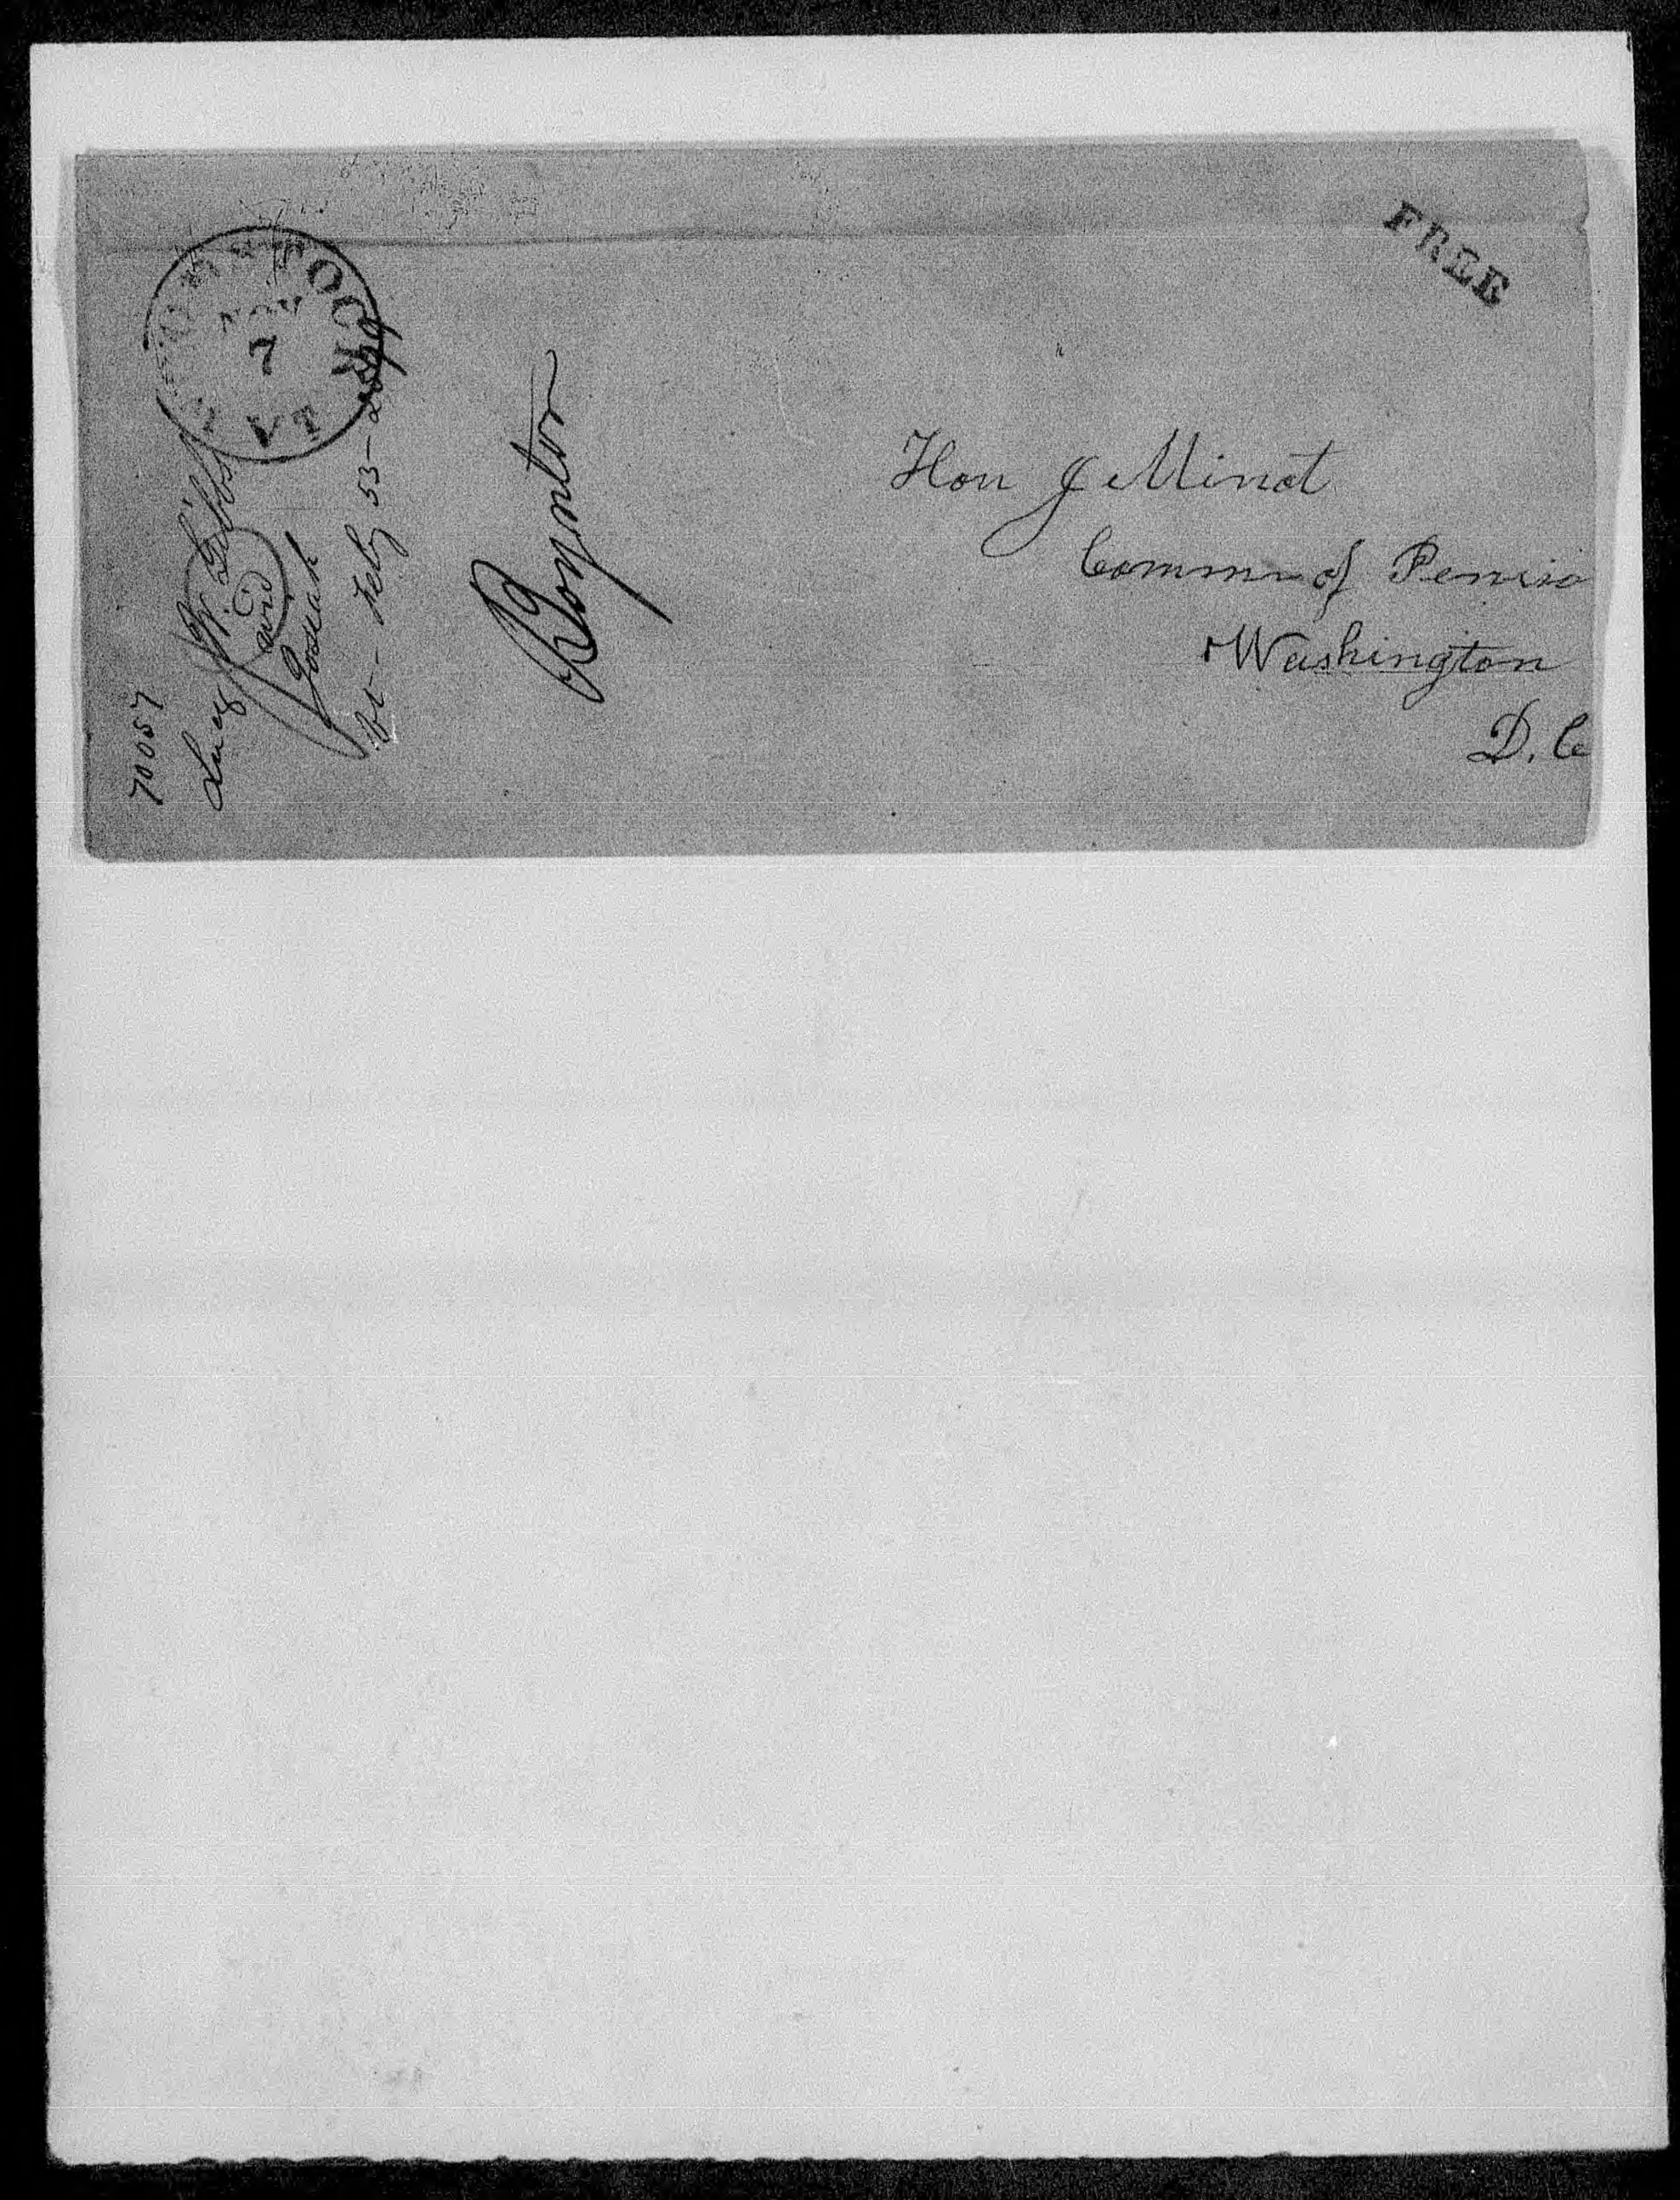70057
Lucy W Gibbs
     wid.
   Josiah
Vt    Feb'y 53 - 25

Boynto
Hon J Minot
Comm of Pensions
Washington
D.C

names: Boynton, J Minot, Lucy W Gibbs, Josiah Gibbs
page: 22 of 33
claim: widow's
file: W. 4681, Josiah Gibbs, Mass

--------------------------------

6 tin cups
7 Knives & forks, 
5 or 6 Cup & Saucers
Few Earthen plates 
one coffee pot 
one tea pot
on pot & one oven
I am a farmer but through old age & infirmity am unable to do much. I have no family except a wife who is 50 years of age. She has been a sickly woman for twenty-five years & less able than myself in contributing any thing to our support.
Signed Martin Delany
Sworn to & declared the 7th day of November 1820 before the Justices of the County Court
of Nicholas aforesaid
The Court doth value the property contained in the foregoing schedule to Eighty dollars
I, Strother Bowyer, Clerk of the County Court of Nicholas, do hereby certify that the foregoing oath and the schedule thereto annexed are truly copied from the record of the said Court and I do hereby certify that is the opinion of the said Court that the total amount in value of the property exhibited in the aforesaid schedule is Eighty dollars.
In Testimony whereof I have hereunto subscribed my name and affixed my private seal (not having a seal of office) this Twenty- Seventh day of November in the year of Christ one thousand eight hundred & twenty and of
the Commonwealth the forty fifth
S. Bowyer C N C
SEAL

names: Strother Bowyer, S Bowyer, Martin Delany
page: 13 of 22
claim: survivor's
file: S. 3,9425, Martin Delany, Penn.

--------------------------------

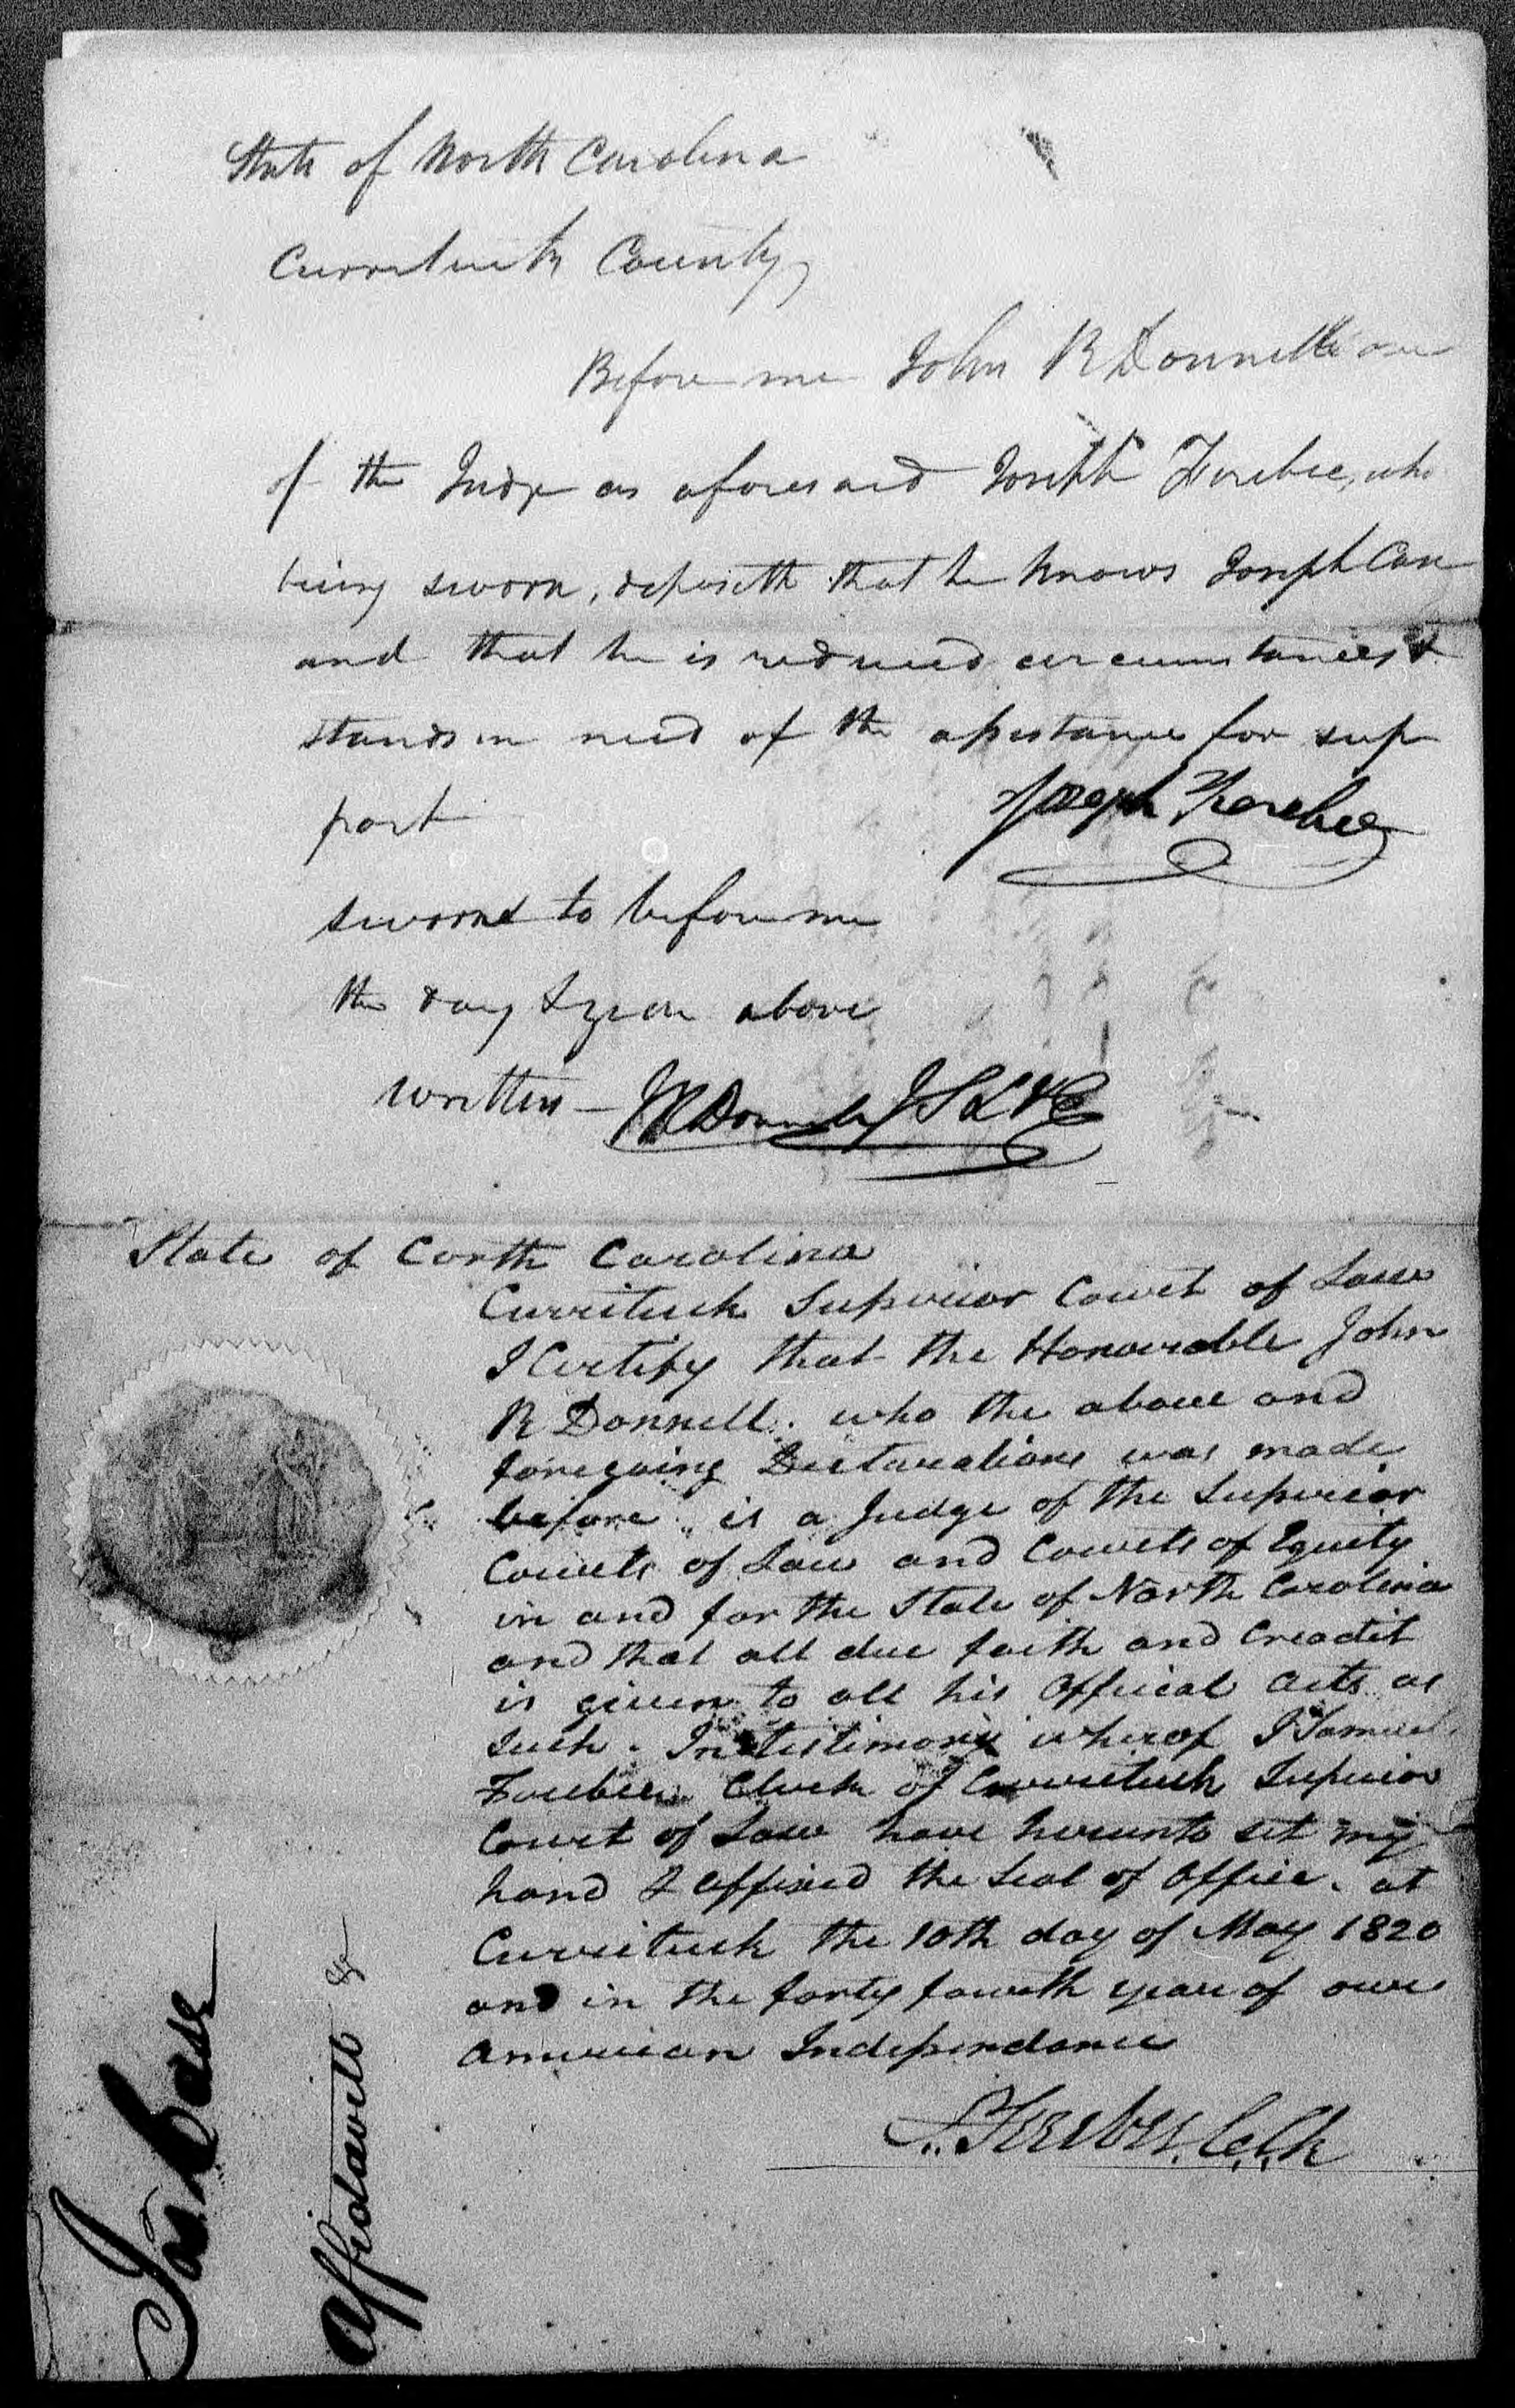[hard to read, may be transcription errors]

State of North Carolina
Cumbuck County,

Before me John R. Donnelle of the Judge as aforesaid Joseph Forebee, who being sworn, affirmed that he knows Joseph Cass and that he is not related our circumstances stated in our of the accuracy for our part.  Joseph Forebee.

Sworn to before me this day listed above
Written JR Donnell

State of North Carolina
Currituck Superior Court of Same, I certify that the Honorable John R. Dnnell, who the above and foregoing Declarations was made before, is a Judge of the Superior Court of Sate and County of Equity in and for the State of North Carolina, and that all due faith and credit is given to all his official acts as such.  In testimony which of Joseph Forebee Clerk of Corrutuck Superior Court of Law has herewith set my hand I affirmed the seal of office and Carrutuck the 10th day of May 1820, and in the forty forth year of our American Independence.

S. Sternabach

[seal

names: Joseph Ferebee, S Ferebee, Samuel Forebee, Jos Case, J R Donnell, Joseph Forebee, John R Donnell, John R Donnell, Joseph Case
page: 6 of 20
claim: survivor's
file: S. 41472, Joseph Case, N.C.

--------------------------------

Answer with a single number: the count of lines in the entries that hold the word "Case".

2